# ML Training in MLP

We'll train the same CNN model in MLP

## Sequence of demo
#### Training is done in the following order:
1. Build development environment
2. Prepare input data
3. Modify training code (input data, output model)
4. Test training code
5. Run training job
6. Monitoring (job status, log etc)
7. Analysis saved models

## 1. Build development environment

### Set up the Testing Chamber

Testing Chamber is used to prepare training (not for actual ML training)

- Establish custom environment.
- Code modification and debugging.

Used training envrionment is "ubuntu18.04-python3.8-jupyter-cuda10.1-pytorch1.7.1"

## 2. Prepare input data

### Download the CIFAR-10 dataset

I prepared `get_cifar10.py` file which download cifar10 dataset and convert to pytorch `DataLoader` type.

In [None]:
from get_cifar10 import get_train_data_loader, get_test_data_loader, imshow, classes

trainloader = get_train_data_loader()
testloader = get_test_data_loader()

### Data preview

In [None]:
import numpy as np
import torchvision, torch

# get some random training images
dataiter = iter(trainloader)
images, labels = dataiter.next()

# show images
imshow(torchvision.utils.make_grid(images))

# print labels
print(" ".join("%9s" % classes[labels[j]] for j in range(4)))
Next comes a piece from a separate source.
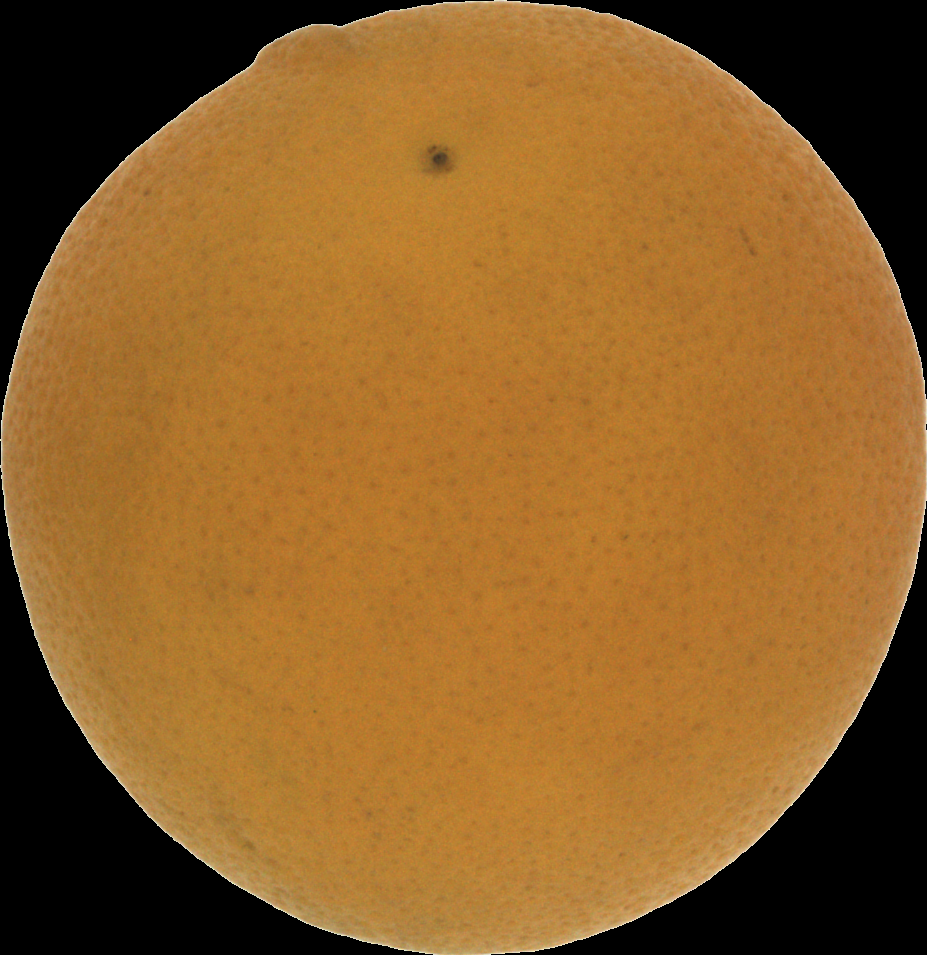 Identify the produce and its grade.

orange, bad

### Save the dataset in GPFS volume

We will save our datasets to user volume (GPFS).  
If users save thier data in GPFS, they can use the data in several jobs.

In [None]:
!mv ./data /gpfs-volume/cifar10

## 3. Modify training code

### Prepared pre-developed code
```
source
├── my_cnn.py    # CNN Model network code
└── train.py     # training and evaluation code
```

For using this code in SageMaker, I created `train_mlp.py` file.

In [None]:
!diff source/train.py source/train_mlp.py

### What to modify

- In order to register the output model after finish job, add code block that use `mltracker` sdk.
- For logging parameter, metric, model artifacts

## 4. Test training code

After code modification, user should check whether the code actually working.  
For the test, run the execution command in this environment with epoch 1.

In [None]:
!python3 ~/testcode/0623_demo/source/train_mlp.py --epochs=1 --lr=0.01 --batch=64 --data-dir='/gpfs-volume/cifar10'

## 5. Run training job

### Save testing chamber env to custom image
After confirming the job, we can save current environment as it is to the custom image.
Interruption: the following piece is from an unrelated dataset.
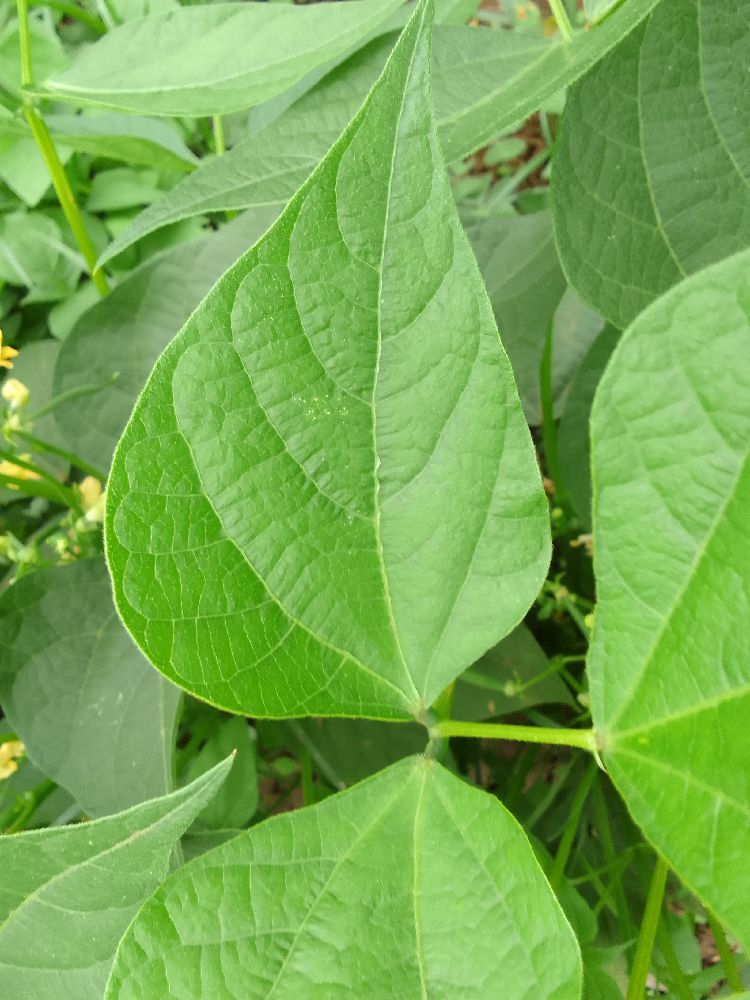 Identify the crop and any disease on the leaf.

common bean, healthy

### Define training job spec
Create a training job by modifying the gpu spec and exec command with the same environment as the test environment.

- Container image
- Job name
- GPU Pool & Core
- GPU count
- Output Model Set
- Execution command

```sh
python3 ~/testcode/0623_demo/source/train_mlp.py --epochs=50 --lr=0.01 --batch=64  --data-dir='/gpfs-volume/cifar10'
```

## 6. Monitoring (job status, log etc)

User can check job status and job log through web interface.

## 7. Analysis saved models

User can check the model from the training result on the Model Set screen.